So, What Exactly Is “Loss of Consortium” Anyway?

When you are in an accident, or hurt yourself in some way as a result of the negligence of another, you aren’t the only one hurt.

Who picks up the slack at home when you can’t tend to house or yard work? Who recognizes your pain, plumps your pillows and helps you put on your socks while you recuperate from neck or back pain?
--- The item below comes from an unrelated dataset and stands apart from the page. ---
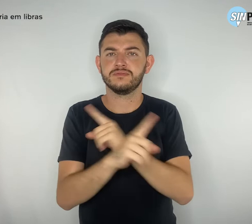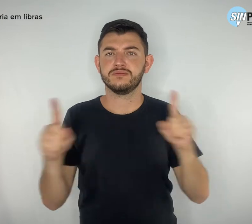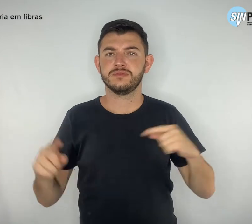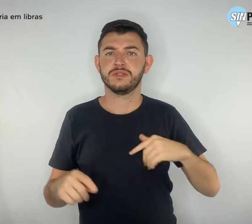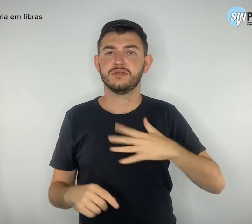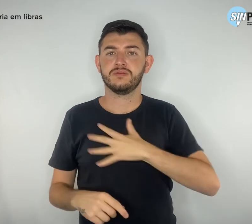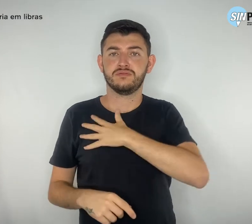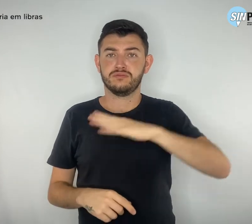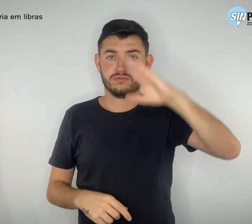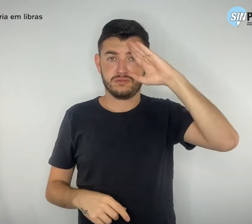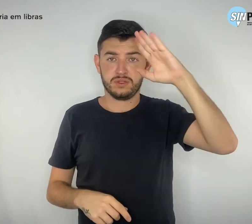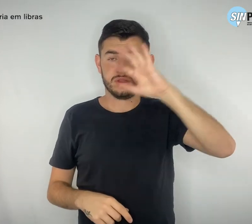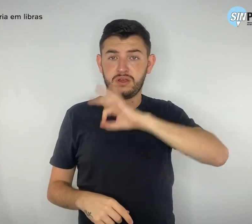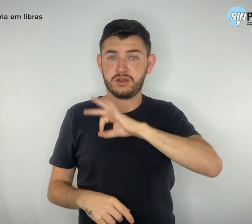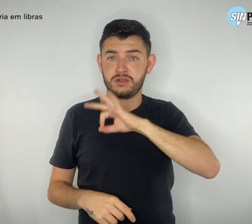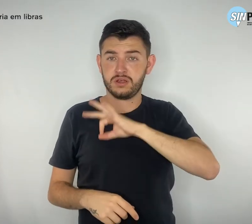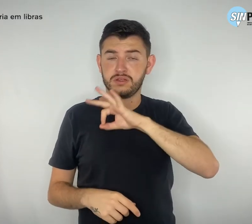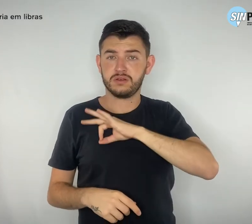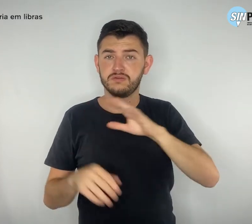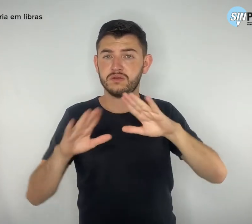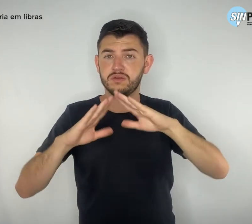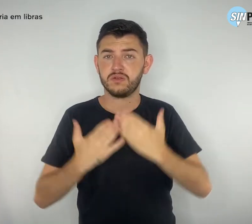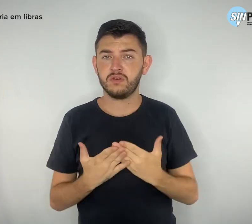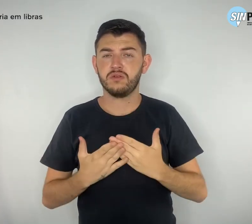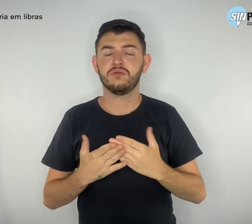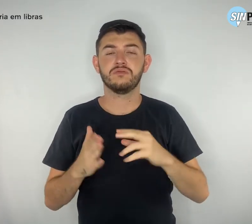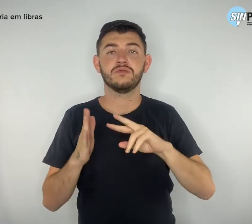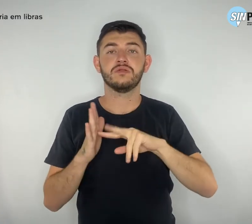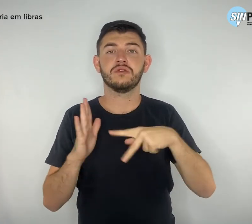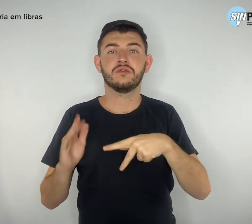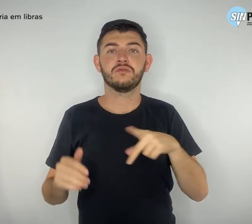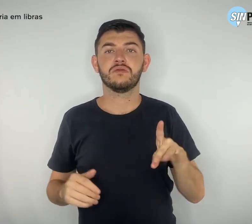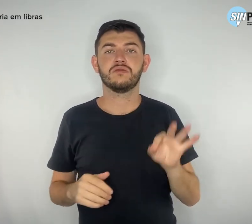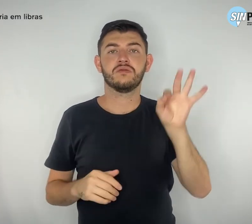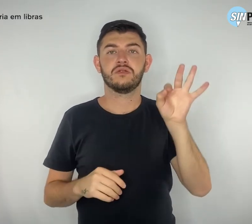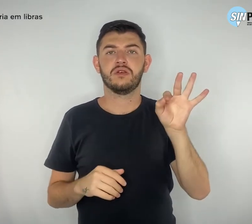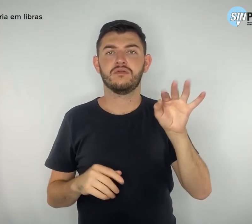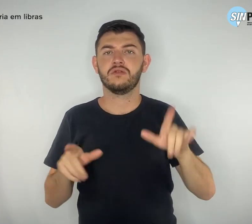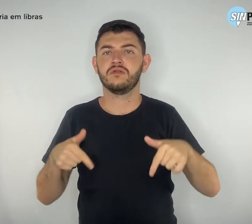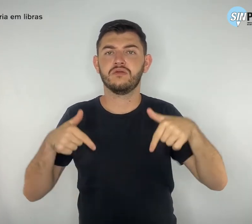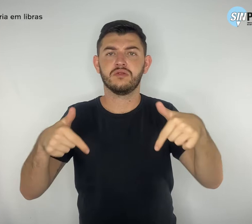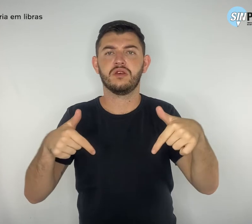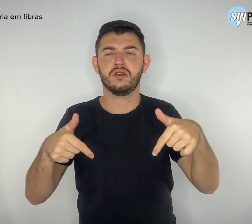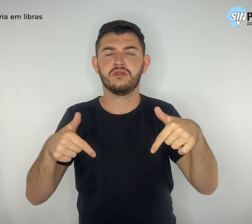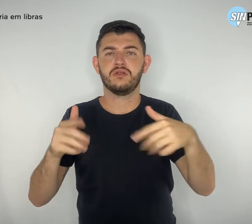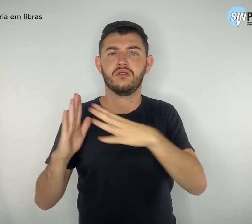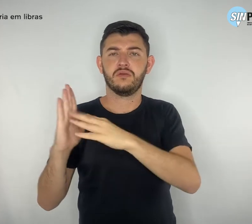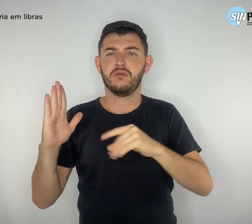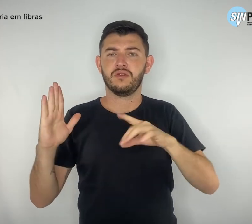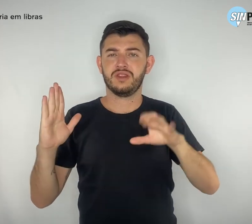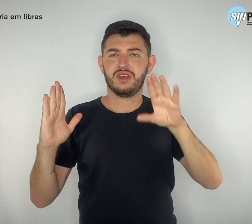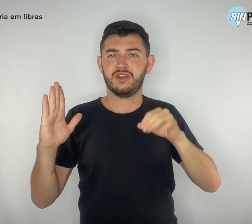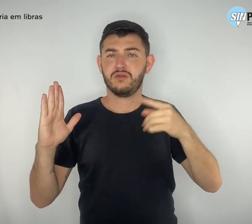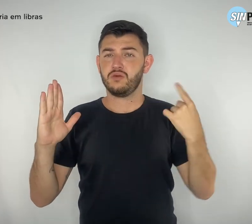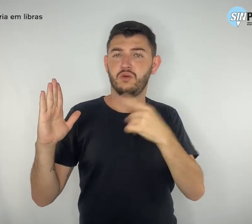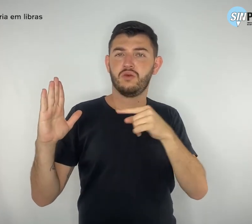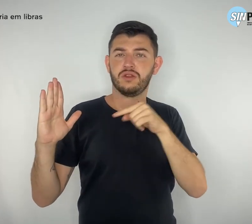têm lutado contra este modelo, que desrespeita a Constituição e estremece a qualidade da educação
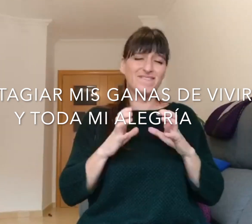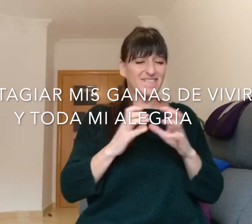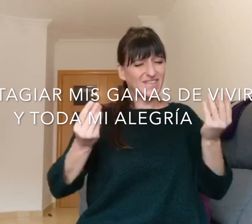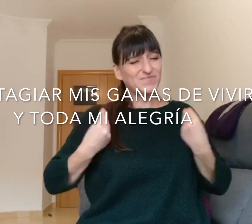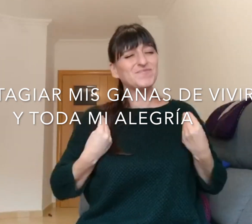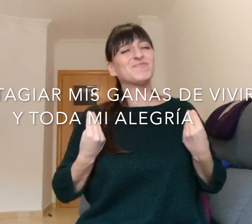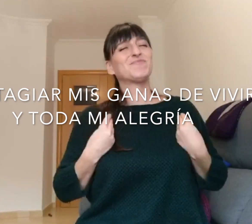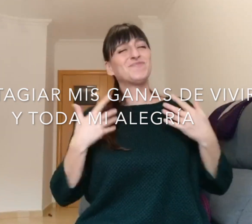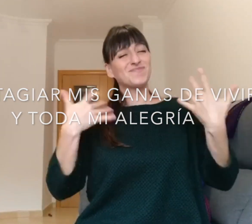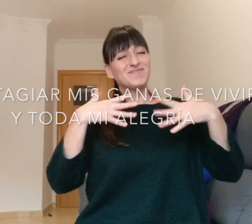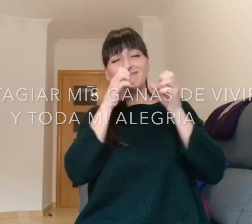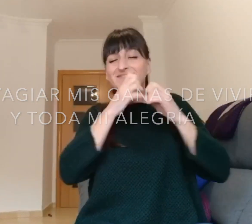toda mi alegría

Who assists you with your other chores because you just don’t have the range of motion to pick up grocery bags or even your 20 pound toddler?

Of course, it is your spouse.*

Florida law allows for attorneys to include a non-injured spouse in lawsuits, since that person has also experienced a loss. It’s the loss of a fully functional, independent and productive wife or husband. While the injured party suffers the pain and disability, a spouse suffers as well. Maybe as a couple you’re less social since at the end of the week the injured spouse is just too tired to go out with friends.  Maybe the injured one is cranky, irritable, difficult to get along with for a time. It’s hard to cope with pain and oftentimes the frustration and nagging achiness spills over into anger.  And who is the person most likely to suffer from the ravages of pain inducing grouchiness? That’s right, the one closest to you.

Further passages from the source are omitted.